On Wed, Jul 19, 2017 at 05:33:14PM +0200, Jan Kara wrote:
> On Wed 28-06-17 16:01:50, Ross Zwisler wrote:
> > Another major change is that we remove dax_pfn_mkwrite() from our fault
> > flow, and instead rely on the page fault itself to make the PTE dirty and
> > writeable.  The following description from the patch adding the
> > vm_insert_mixed_mkwrite() call explains this a little more:
> > 
> > ***
> >   To be able to use the common 4k zero page in DAX we need to have our PTE
> >   fault path look more like our PMD fault path where a PTE entry can be
> >   marked as dirty and writeable as it is first inserted, rather than
> >   waiting for a follow-up dax_pfn_mkwrite() => finish_mkwrite_fault() call.
> > 
> >   Right now we can rely on having a dax_pfn_mkwrite() call because we can
> >   distinguish between these two cases in do_wp_page():
> > 
> >   	case 1: 4k zero page => writable DAX storage
> >   	case 2: read-only DAX storage => writeable DAX storage
> > 
> >   This distinction is made by via vm_normal_page().  vm_normal_page()
> >   returns false for the common 4k zero page, though, just as it does for
> >   DAX ptes.  Instead of special casing the DAX + 4k zero page case, we will
> >   simplify our DAX PTE page fault sequence so that it matches our DAX PMD
> >   sequence, and get rid of dax_pfn_mkwrite() completely.
> > 
> >   This means that insert_pfn() needs to follow the lead of insert_pfn_pmd()
> >   and allow us to pass in a 'mkwrite' flag.  If 'mkwrite' is set
> >   insert_pfn() will do the work that was previously done by wp_page_reuse()
> >   as part of the dax_pfn_mkwrite() call path.
> > ***
> 
> Hum, thinking about this in context of this patch... So what if we have
> allocated storage, a process faults it read-only, we map it to page tables
> writeprotected.
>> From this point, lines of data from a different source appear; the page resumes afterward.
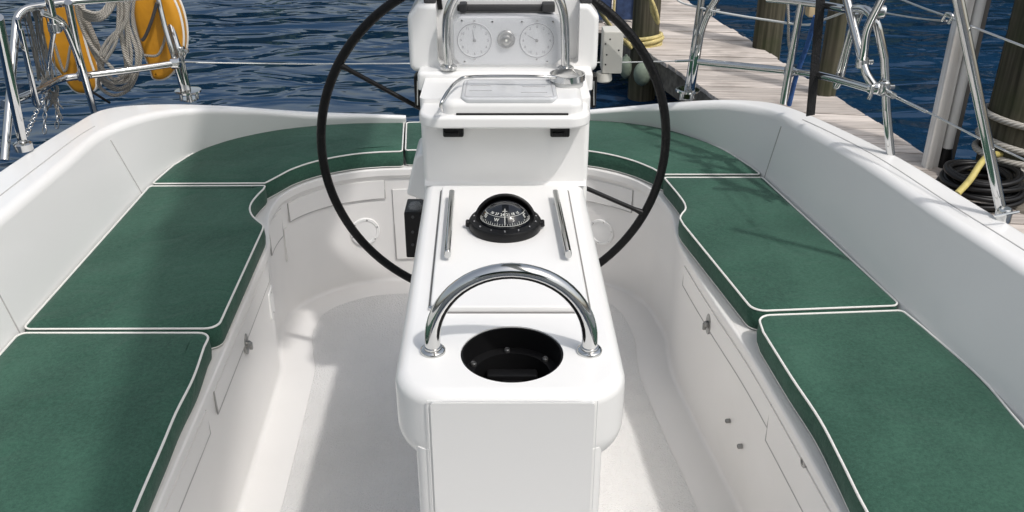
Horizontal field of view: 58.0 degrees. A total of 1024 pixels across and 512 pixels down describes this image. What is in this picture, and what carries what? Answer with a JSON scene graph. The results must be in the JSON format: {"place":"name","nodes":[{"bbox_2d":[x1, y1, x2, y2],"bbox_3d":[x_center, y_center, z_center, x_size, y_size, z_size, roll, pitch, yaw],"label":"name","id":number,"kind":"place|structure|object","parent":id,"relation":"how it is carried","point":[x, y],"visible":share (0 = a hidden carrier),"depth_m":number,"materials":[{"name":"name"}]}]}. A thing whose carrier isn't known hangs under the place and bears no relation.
{"place":"outdoors","nodes":[
{"label":"outdoors","id":0,"kind":"place"},
{"bbox_2d":[0,0,1013,171],"bbox_3d":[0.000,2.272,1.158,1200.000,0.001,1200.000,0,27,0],"label":"water","id":1,"kind":"structure","parent":0,"point":[277,31],"depth_m":9.57,"materials":[{"name":"blue liquid"}]},
{"bbox_2d":[0,100,1023,511],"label":"sailboat","id":2,"kind":"object","parent":1,"relation":"on","point":[296,408],"visible":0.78,"depth_m":2.50,"materials":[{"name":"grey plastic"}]},
{"bbox_2d":[0,14,33,152],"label":"stanchion","id":3,"kind":"object","parent":2,"relation":"on","point":[22,144],"visible":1,"depth_m":2.34,"materials":[{"name":"silver metal"}]},
{"bbox_2d":[0,0,201,161],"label":"stern rail","id":4,"kind":"object","parent":2,"relation":"attached to","point":[56,23],"visible":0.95,"depth_m":2.69,"materials":[{"name":"silver metal"}]},
{"bbox_2d":[21,6,63,136],"bbox_3d":[-1.360,-0.509,2.664,0.099,0.403,0.357,-9,28,-16],"label":"hanging net","id":5,"kind":"object","parent":4,"relation":"hanging from","point":[47,94],"visible":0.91,"depth_m":2.76,"materials":[{"name":"fabric"}]},
{"bbox_2d":[74,1,142,96],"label":"coiled rope","id":6,"kind":"object","parent":4,"relation":"hanging from","point":[85,17],"visible":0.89,"depth_m":2.91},
{"bbox_2d":[42,0,188,94],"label":"lifebuoy","id":7,"kind":"object","parent":4,"relation":"hanging from","point":[150,32],"visible":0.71,"depth_m":3.02,"materials":[{"name":"yellow plastic"}]},
{"bbox_2d":[185,59,692,64],"bbox_3d":[-0.236,-0.669,3.183,1.692,0.092,0.285,0,27,0],"label":"lifeline","id":8,"kind":"object","parent":4,"relation":"attached to","point":[686,60],"visible":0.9,"depth_m":3.20,"materials":[{"name":"white metal"}]},
{"bbox_2d":[0,332,211,511],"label":"seat cushion","id":9,"kind":"object","parent":2,"relation":"on","point":[93,421],"visible":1,"depth_m":1.81,"materials":[{"name":"green fabric"}]},
{"bbox_2d":[24,185,266,348],"bbox_3d":[-0.894,-0.003,2.486,0.452,0.064,0.851,0,27,0],"label":"seat cushion","id":10,"kind":"object","parent":2,"relation":"on","point":[172,258],"visible":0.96,"depth_m":2.35,"materials":[{"name":"green fabric"}]},
{"bbox_2d":[153,123,404,198],"bbox_3d":[-0.743,-0.334,3.136,0.749,0.064,0.588,0,27,0],"label":"seat cushion","id":11,"kind":"object","parent":2,"relation":"on","point":[275,162],"visible":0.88,"depth_m":3.09,"materials":[{"name":"green fabric"}]},
{"bbox_2d":[405,122,421,165],"bbox_3d":[-0.200,-0.407,3.279,0.377,0.064,0.318,0,27,0],"label":"seat cushion","id":12,"kind":"object","parent":2,"relation":"on","point":[413,134],"visible":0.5,"depth_m":3.21,"materials":[{"name":"green fabric"}]},
{"bbox_2d":[395,0,624,511],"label":"steering console","id":13,"kind":"object","parent":2,"relation":"on","point":[510,400],"visible":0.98,"depth_m":1.82,"materials":[{"name":"white plastic"}]},
{"bbox_2d":[316,0,669,282],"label":"helm","id":14,"kind":"object","parent":13,"relation":"attached to","point":[387,6],"visible":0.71,"depth_m":2.43,"materials":[{"name":"black leather"}]},
{"bbox_2d":[465,193,544,242],"bbox_3d":[-0.015,-0.089,1.951,0.154,0.064,0.154,-22,35,-37],"label":"compass","id":15,"kind":"object","parent":13,"relation":"on","point":[504,218],"visible":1,"depth_m":1.92,"materials":[{"name":"black plastic"}]},
{"bbox_2d":[420,263,601,358],"bbox_3d":[-0.002,0.086,1.518,0.307,0.167,0.043,0,27,0],"label":"grab rail","id":16,"kind":"object","parent":13,"relation":"attached to","point":[452,293],"visible":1,"depth_m":1.50,"materials":[{"name":"silver metal"}]},
{"bbox_2d":[588,121,759,189],"bbox_3d":[0.393,-0.358,3.184,0.795,0.064,0.545,0,27,0],"label":"seat cushion","id":17,"kind":"object","parent":2,"relation":"on","point":[633,150],"visible":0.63,"depth_m":3.10,"materials":[{"name":"green fabric"}]},
{"bbox_2d":[663,177,897,329],"bbox_3d":[0.674,-0.040,2.560,0.366,0.064,0.869,-4,27,-8],"label":"seat cushion","id":18,"kind":"object","parent":2,"relation":"on","point":[757,248],"visible":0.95,"depth_m":2.43,"materials":[{"name":"green fabric"}]},
{"bbox_2d":[675,0,896,155],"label":"stern rail","id":19,"kind":"object","parent":2,"relation":"attached to","point":[882,87],"visible":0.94,"depth_m":2.53,"materials":[{"name":"silver metal"}]},
{"bbox_2d":[677,0,843,25],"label":"lifeline","id":20,"kind":"object","parent":19,"relation":"attached to","point":[769,20],"visible":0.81,"depth_m":2.81,"materials":[{"name":"white metal"}]},
{"bbox_2d":[786,4,789,50],"bbox_3d":[0.819,-0.682,2.722,0.041,0.160,0.021,19,33,33],"label":"rope","id":21,"kind":"object","parent":20,"relation":"hanging from","point":[788,25],"visible":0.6,"depth_m":2.73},
{"bbox_2d":[787,15,814,106],"bbox_3d":[0.852,-0.569,2.718,0.019,0.303,0.134,-1,27,-2],"label":"blue line","id":22,"kind":"object","parent":19,"relation":"hanging from","point":[799,65],"visible":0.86,"depth_m":2.71,"materials":[{"name":"fabric"}]},
{"bbox_2d":[805,6,814,16],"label":"label block","id":23,"kind":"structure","parent":19,"relation":"attached to","point":[809,11],"depth_m":2.63,"materials":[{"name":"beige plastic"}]},
{"bbox_2d":[806,0,824,115],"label":"strap","id":24,"kind":"object","parent":19,"relation":"hanging from","point":[816,52],"visible":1,"depth_m":2.61,"materials":[{"name":"black"}]},
{"bbox_2d":[884,0,1023,47],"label":"lifeline","id":25,"kind":"object","parent":19,"relation":"attached to","point":[950,15],"visible":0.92,"depth_m":2.04,"materials":[{"name":"silver metal"}]},
{"bbox_2d":[895,96,1023,160],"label":"lifeline","id":26,"kind":"object","parent":19,"relation":"attached to","point":[938,117],"visible":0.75,"depth_m":2.23,"materials":[{"name":"silver metal"}]},
{"bbox_2d":[756,310,1023,511],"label":"seat cushion","id":27,"kind":"object","parent":2,"relation":"on","point":[899,411],"visible":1,"depth_m":1.81,"materials":[{"name":"green fabric"}]},
{"bbox_2d":[952,0,1019,223],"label":"stanchion","id":28,"kind":"object","parent":2,"relation":"on","point":[1004,212],"visible":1,"depth_m":2.03,"materials":[{"name":"silver metal"}]},
{"bbox_2d":[627,0,660,101],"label":"piling","id":29,"kind":"object","parent":1,"relation":"in","point":[644,24],"visible":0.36,"depth_m":8.10,"materials":[{"name":"brown wood"}]},
{"bbox_2d":[597,0,663,49],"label":"mooring rope","id":30,"kind":"object","parent":29,"relation":"attached to","point":[656,40],"visible":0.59,"depth_m":8.06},
{"bbox_2d":[752,0,785,59],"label":"piling","id":31,"kind":"object","parent":1,"relation":"in","point":[767,36],"visible":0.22,"depth_m":7.96,"materials":[{"name":"brown wood"}]},
{"bbox_2d":[598,0,1023,233],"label":"dock","id":32,"kind":"object","parent":1,"relation":"on","point":[721,42],"visible":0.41,"depth_m":7.33,"materials":[{"name":"brown wood"}]},
{"bbox_2d":[598,21,604,32],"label":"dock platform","id":33,"kind":"structure","parent":32,"relation":"attached to","point":[600,27],"depth_m":8.87,"materials":[{"name":"wood"}]},
{"bbox_2d":[596,0,632,19],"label":"water","id":34,"kind":"structure","parent":32,"relation":"on","point":[623,10],"depth_m":8.91,"materials":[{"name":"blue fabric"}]},
{"bbox_2d":[620,54,631,78],"bbox_3d":[0.995,-1.656,8.079,0.108,0.215,0.107,0,27,0],"label":"fender","id":35,"kind":"object","parent":32,"relation":"hanging from","point":[625,73],"visible":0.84,"depth_m":8.04,"materials":[{"name":"grey plastic"}]},
{"bbox_2d":[634,63,649,85],"bbox_3d":[1.116,-1.561,7.903,0.151,0.215,0.151,0,27,0],"label":"fender","id":36,"kind":"object","parent":32,"relation":"hanging from","point":[641,76],"visible":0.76,"depth_m":7.85,"materials":[{"name":"grey plastic"}]},
{"bbox_2d":[921,0,990,168],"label":"utility post","id":37,"kind":"object","parent":32,"relation":"on","point":[950,105],"visible":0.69,"depth_m":5.36,"materials":[{"name":"white metal"}]},
{"bbox_2d":[817,0,846,96],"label":"piling","id":38,"kind":"object","parent":1,"relation":"in","point":[834,37],"visible":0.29,"depth_m":6.69,"materials":[{"name":"brown wood"}]},
{"bbox_2d":[973,201,1023,224],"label":"dock landing","id":39,"kind":"object","parent":1,"relation":"on","point":[1020,208],"depth_m":5.04,"materials":[{"name":"grey wood"}]},
{"bbox_2d":[935,151,1023,211],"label":"hose coil","id":40,"kind":"object","parent":39,"relation":"on","point":[967,179],"visible":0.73,"depth_m":4.97,"materials":[{"name":"black plastic"}]},
{"bbox_2d":[975,0,1023,180],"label":"piling","id":41,"kind":"object","parent":1,"relation":"in","point":[1007,98],"visible":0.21,"depth_m":5.09,"materials":[{"name":"brown wood"}]},
{"bbox_2d":[971,103,1023,174],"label":"mooring rope","id":42,"kind":"object","parent":41,"relation":"attached to","point":[977,148],"visible":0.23,"depth_m":5.15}
]}

Then the process writes through mmap to the area - the code
> in handle_pte_fault() ends up in do_wp_page() if I'm reading it right.

Yep.

> Then, since we are missing ->pfn_mkwrite() handlers, the PTE will be marked
> writeable but radix tree entry stays clean - bug. Am I missing something?

I don't think we ever end up with a writeable PTE but with a clean radix tree
entry.  When we get the write fault we do a full fault through
dax_iomap_pte_fault() and dax_insert_mapping().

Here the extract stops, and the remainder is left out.